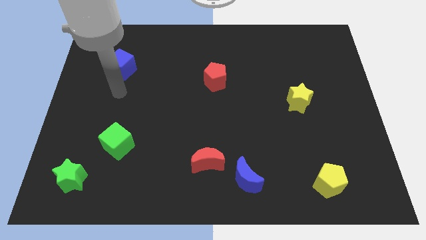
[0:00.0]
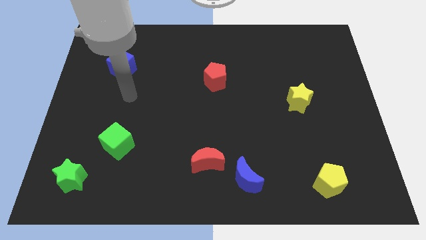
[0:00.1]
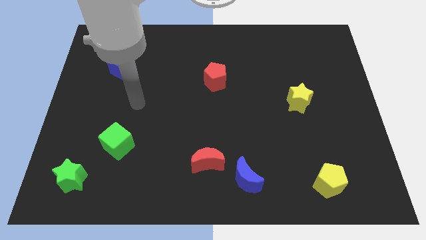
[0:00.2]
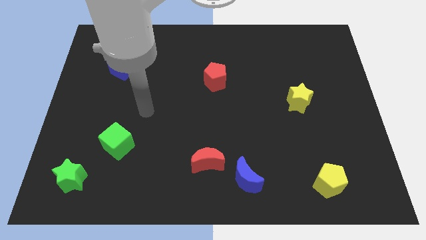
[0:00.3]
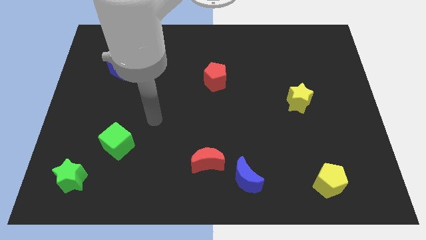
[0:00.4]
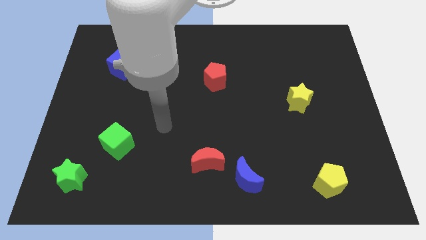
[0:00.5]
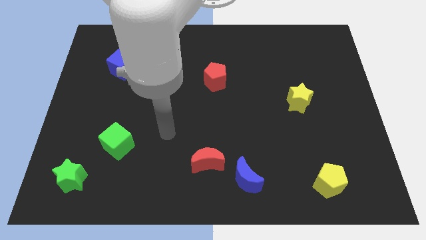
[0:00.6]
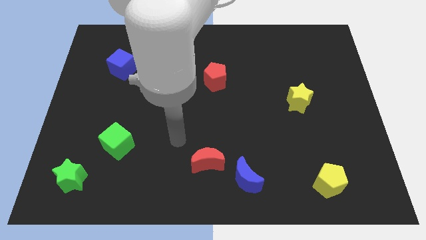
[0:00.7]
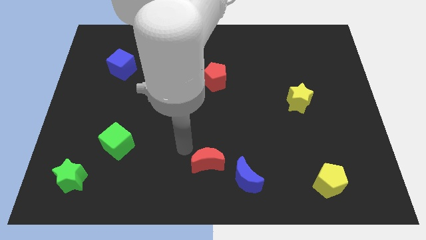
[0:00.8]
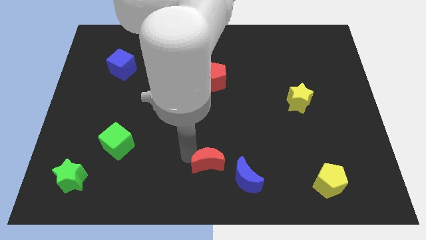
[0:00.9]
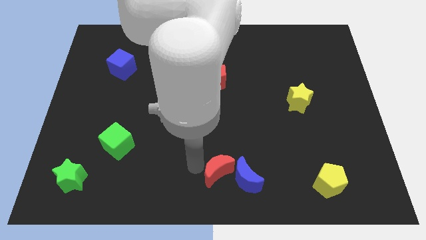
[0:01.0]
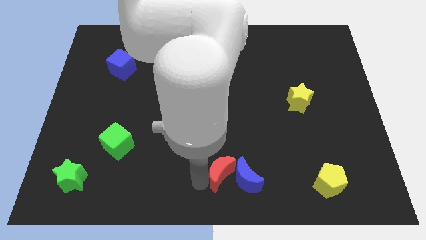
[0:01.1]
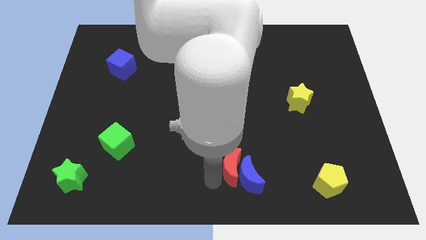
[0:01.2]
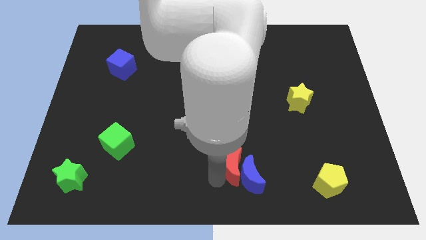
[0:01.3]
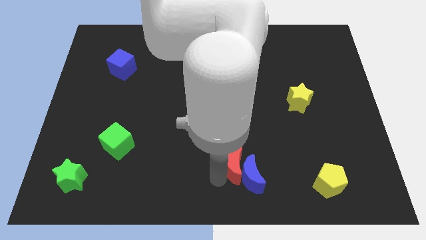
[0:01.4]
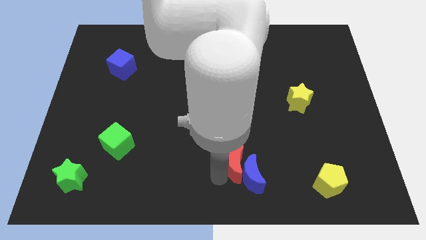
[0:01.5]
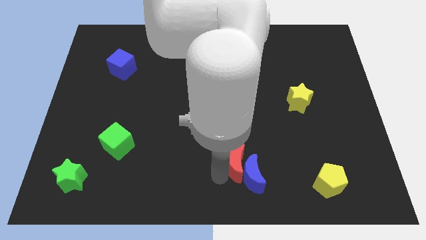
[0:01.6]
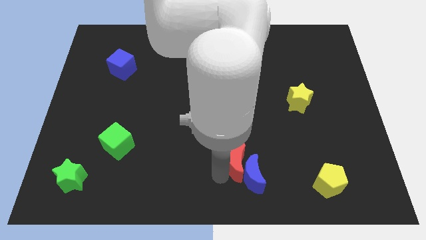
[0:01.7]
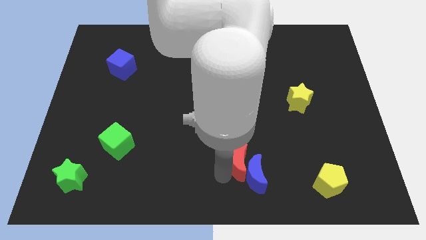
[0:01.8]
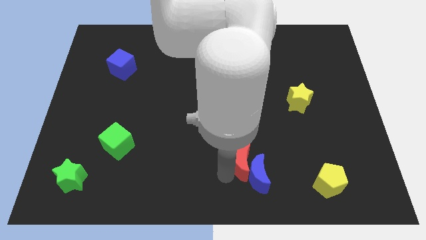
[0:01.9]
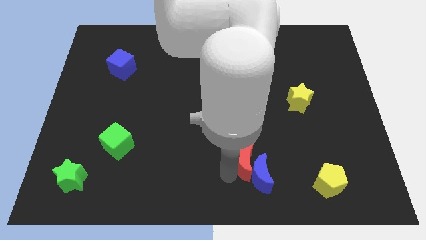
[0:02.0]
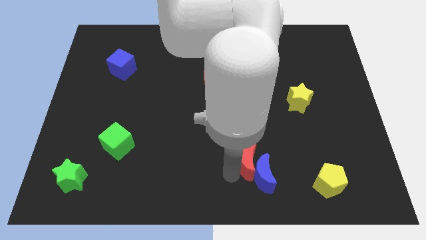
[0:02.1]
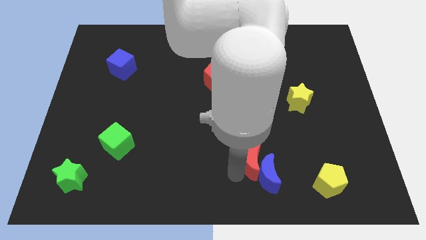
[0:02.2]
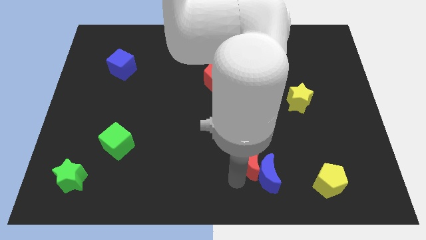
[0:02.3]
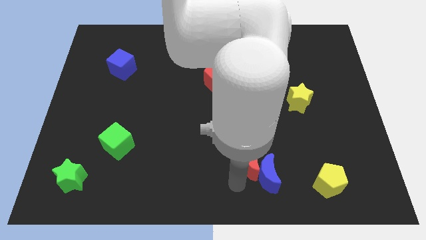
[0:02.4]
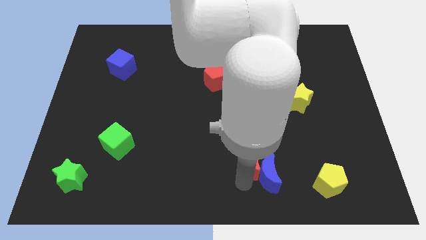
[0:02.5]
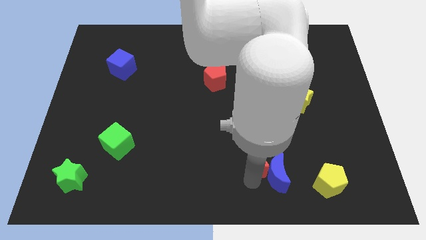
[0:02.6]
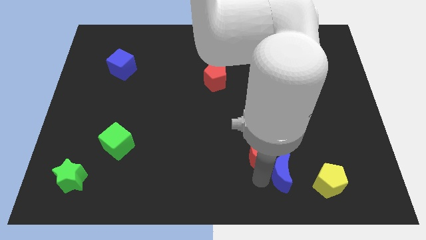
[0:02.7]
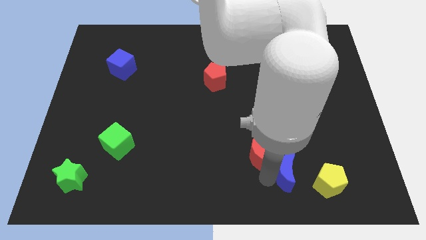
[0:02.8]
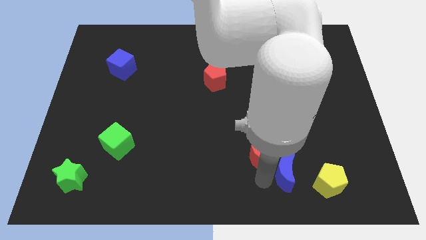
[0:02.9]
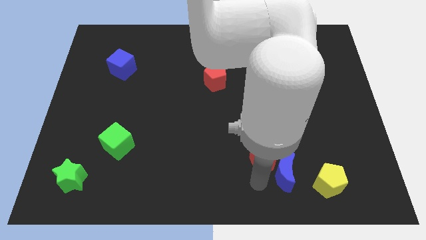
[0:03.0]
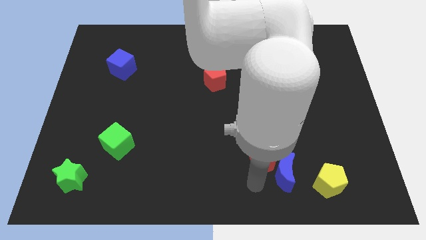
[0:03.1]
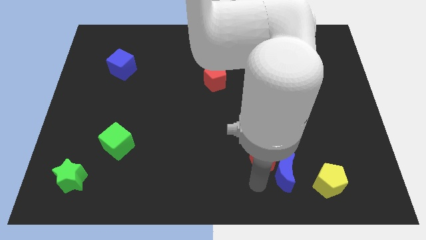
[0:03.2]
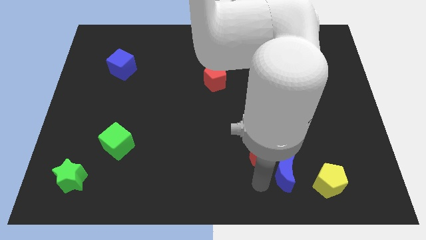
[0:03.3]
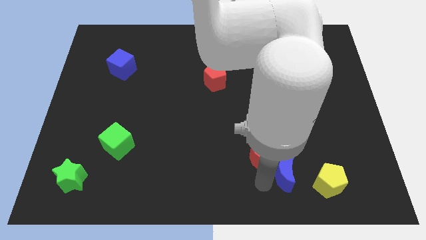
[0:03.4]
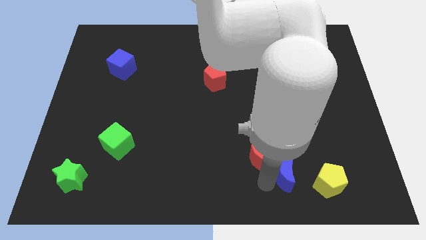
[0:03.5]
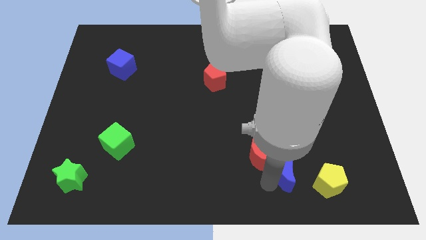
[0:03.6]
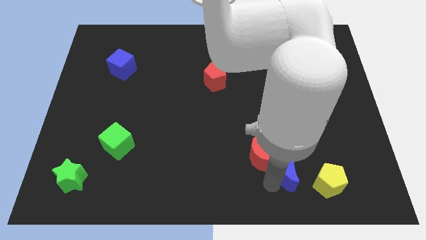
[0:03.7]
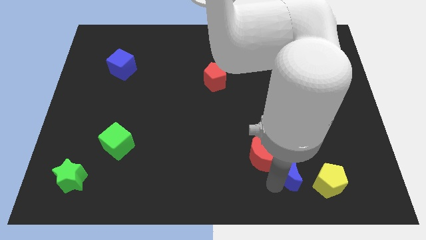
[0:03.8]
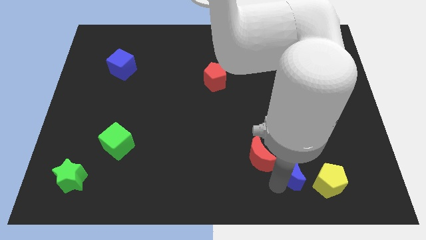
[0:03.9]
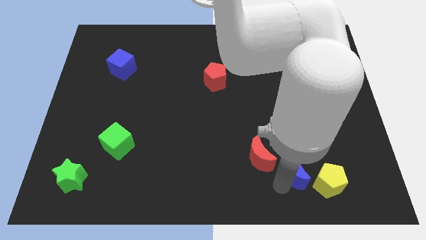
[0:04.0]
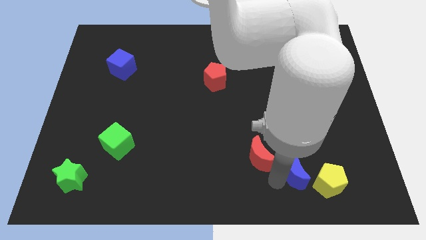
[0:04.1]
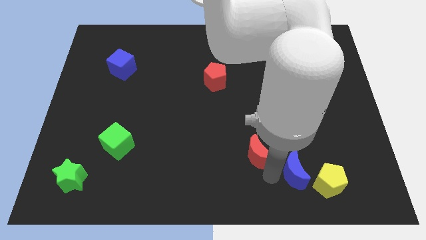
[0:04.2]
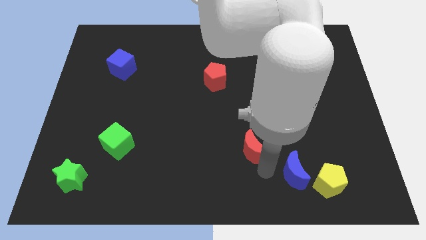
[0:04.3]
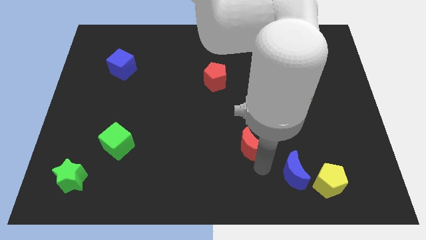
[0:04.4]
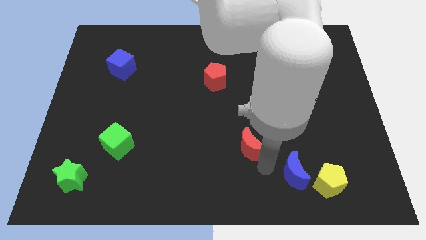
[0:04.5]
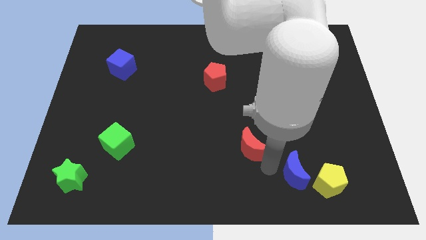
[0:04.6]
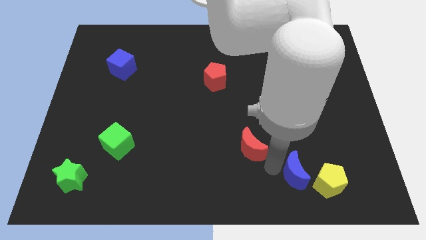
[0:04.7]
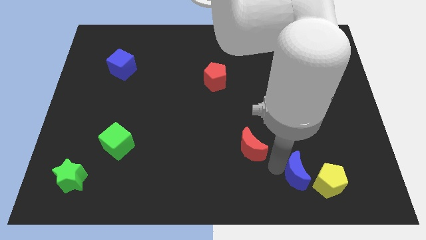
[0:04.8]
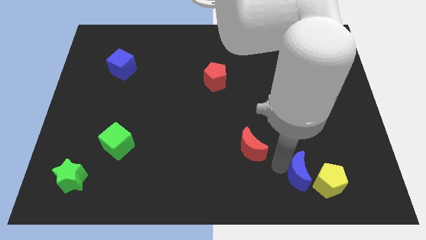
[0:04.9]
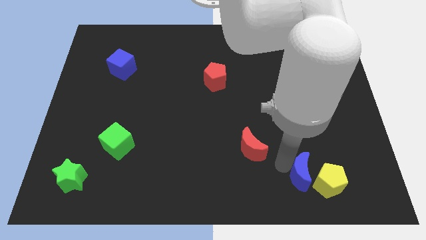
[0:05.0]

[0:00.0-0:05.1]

◆ ◆ ◆ ◆ ◆ ◆ ◆

Work to be completed :: Copy the listing verbatim, omitting images.

Output below ::
[0:00.0]
[0:00.1]
[0:00.2]
[0:00.3]
[0:00.4]
[0:00.5]
[0:00.6]
[0:00.7]
[0:00.8]
[0:00.9]
[0:01.0]
[0:01.1]
[0:01.2]
[0:01.3]
[0:01.4]
[0:01.5]
[0:01.6]
[0:01.7]
[0:01.8]
[0:01.9]
[0:02.0]
[0:02.1]
[0:02.2]
[0:02.3]
[0:02.4]
[0:02.5]
[0:02.6]
[0:02.7]
[0:02.8]
[0:02.9]
[0:03.0]
[0:03.1]
[0:03.2]
[0:03.3]
[0:03.4]
[0:03.5]
[0:03.6]
[0:03.7]
[0:03.8]
[0:03.9]
[0:04.0]
[0:04.1]
[0:04.2]
[0:04.3]
[0:04.4]
[0:04.5]
[0:04.6]
[0:04.7]
[0:04.8]
[0:04.9]
[0:05.0]

[0:00.0-0:05.1]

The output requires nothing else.